The finding of the so-called
statue of Leonidas in 1925 is used to introduce the Persian Wars, which
are then examined in detail. There is much footage of Thermopylae,
including the eponymous hot springs, and the commentary casts the
Spartans’ self-sacrifice in terms that hearken to the Japanese
samurai’s bushido code.
Part 2This segment begins by
exploring at how Sparta and Athens fell out after the Persian Wars,
with a look at Athenian politics and society and how these contrasted
to Sparta’s. This is a refreshingly non-partisan treatment, not
hesitating to be equally critical of Athens. Women’s life in Sparta is
given much attention. Sparta comes off as considerably more
enlightened, by modern Western standards, than Athens. (Interesting
sidebar – in her remarks during a November 24, 2003, online chat with
Channel 4 (UK) viewers, narrator Bettany Hughes, when asked where she’d
have rather lived, Sparta or Athens, replied “Sparta. No doubt.”)

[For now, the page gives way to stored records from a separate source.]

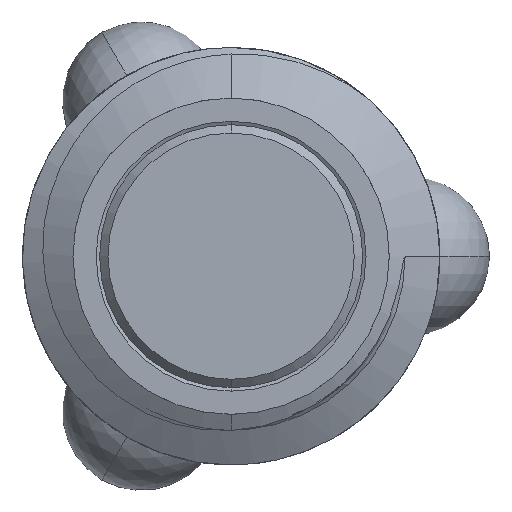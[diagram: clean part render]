
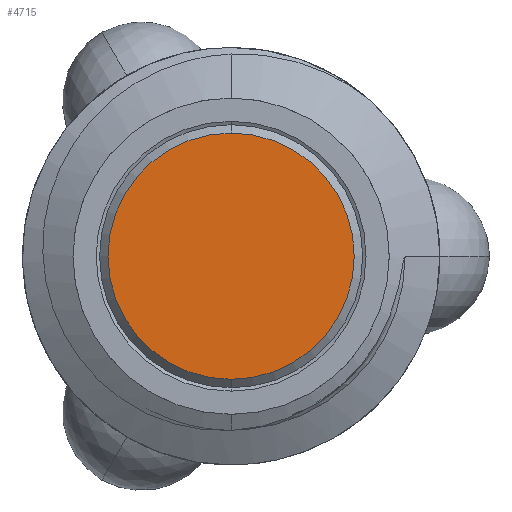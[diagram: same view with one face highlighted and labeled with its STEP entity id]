
A CAD part, front view. The second image highlights one B-rep face of the part: STEP entity #4715.
In plain terms, the highlighted face is planar.
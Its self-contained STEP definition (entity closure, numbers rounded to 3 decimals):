
#14 = CARTESIAN_POINT ( 'NONE',  ( -3.708, 0., 6.731 ) ) ;
#355 = EDGE_LOOP ( 'NONE', ( #2978, #3353 ) ) ;
#873 = FACE_OUTER_BOUND ( 'NONE', #355, .T. ) ;
#1090 = CARTESIAN_POINT ( 'NONE',  ( 3.708, 0., 6.731 ) ) ;
#1853 = PLANE ( 'NONE',  #3632 ) ;
#1935 = AXIS2_PLACEMENT_3D ( 'NONE', #3458, #5485, #3420 ) ;
#2387 = DIRECTION ( 'NONE',  ( 0., 0., 1. ) ) ;
#2416 = DIRECTION ( 'NONE',  ( 0., 0., 1. ) ) ;
#2551 = EDGE_CURVE ( 'NONE', #5718, #3190, #5278, .T. ) ;
#2978 = ORIENTED_EDGE ( 'NONE', *, *, #4897, .T. ) ;
#3190 = VERTEX_POINT ( 'NONE', #14 ) ;
#3353 = ORIENTED_EDGE ( 'NONE', *, *, #2551, .T. ) ;
#3364 = CARTESIAN_POINT ( 'NONE',  ( 0., 0., 6.731 ) ) ;
#3420 = DIRECTION ( 'NONE',  ( 1., 0., 0. ) ) ;
#3458 = CARTESIAN_POINT ( 'NONE',  ( 0., 0., 6.731 ) ) ;
#3632 = AXIS2_PLACEMENT_3D ( 'NONE', #5945, #2416, #6368 ) ;
#4386 = DIRECTION ( 'NONE',  ( 1., 0., 0. ) ) ;
#4482 = CIRCLE ( 'NONE', #5092, 3.708 ) ;
#4715 = ADVANCED_FACE ( 'NONE', ( #873 ), #1853, .T. ) ;
#4897 = EDGE_CURVE ( 'NONE', #3190, #5718, #4482, .T. ) ;
#5092 = AXIS2_PLACEMENT_3D ( 'NONE', #3364, #2387, #4386 ) ;
#5278 = CIRCLE ( 'NONE', #1935, 3.708 ) ;
#5485 = DIRECTION ( 'NONE',  ( 0., 0., 1. ) ) ;
#5718 = VERTEX_POINT ( 'NONE', #1090 ) ;
#5945 = CARTESIAN_POINT ( 'NONE',  ( 0., 0., 6.731 ) ) ;
#6368 = DIRECTION ( 'NONE',  ( 1., 0., 0. ) ) ;

Hughes wryly notes how Spartan women were “objects of fear and
fascination” to non-Spartan men. The legacy of these “radical” Spartan
customs on later societies is discussed. Amusingly, whether by design
or not, Hughes wears a scarlet dress for much of this sequence – fit
garb for a Spartanette – and conducts her narration while striding
purposefully about the Laconian countryside or riding on horseback in
full exhibition of energetic Spartan vitality.
Lastly, the
Laconian earthquake of 465 or 464 BC and subsequent helot revolt is
noted and seen as the event that lit the sparks of conflict between
Greece’s two leading cities. The opening clashes of the Peloponnesian
War and the Spartan disaster at Sphacteria ends Part 2.
Part 3The
last section of the film opens at Delphi and takes a look at Greek
religion and Spartan attitudes toward the gods and oracles before
resuming the history of the Peloponnesian War. Alcibiades, the Syracuse
expedition, and Lysander are all examined, taking up half of Part 3.
Then the period of the Spartan Hegemony is briefly described, shaped by
the “crippled kingship” of Agesilaus and marked by power struggles
among Sparta’s ruling factions. Hughes notes the critical decline of
Spartan citizen manpower and the rise of Thebes as a rival. She takes
us to the battlefield of Leuctra, where Spartan military superiority
was broken in 371 BC. The remaining sequences very quickly sketch how
classical Sparta became a second-class power and finally a tourist
attraction for wealthy Romans. The show concludes with a summation of
Sparta’s influence on Western philosophy.
THE SPARTANS is a
standout documentary, wonderfully photographed and directed, and is
highly recommended as a visual overview of Spartan history.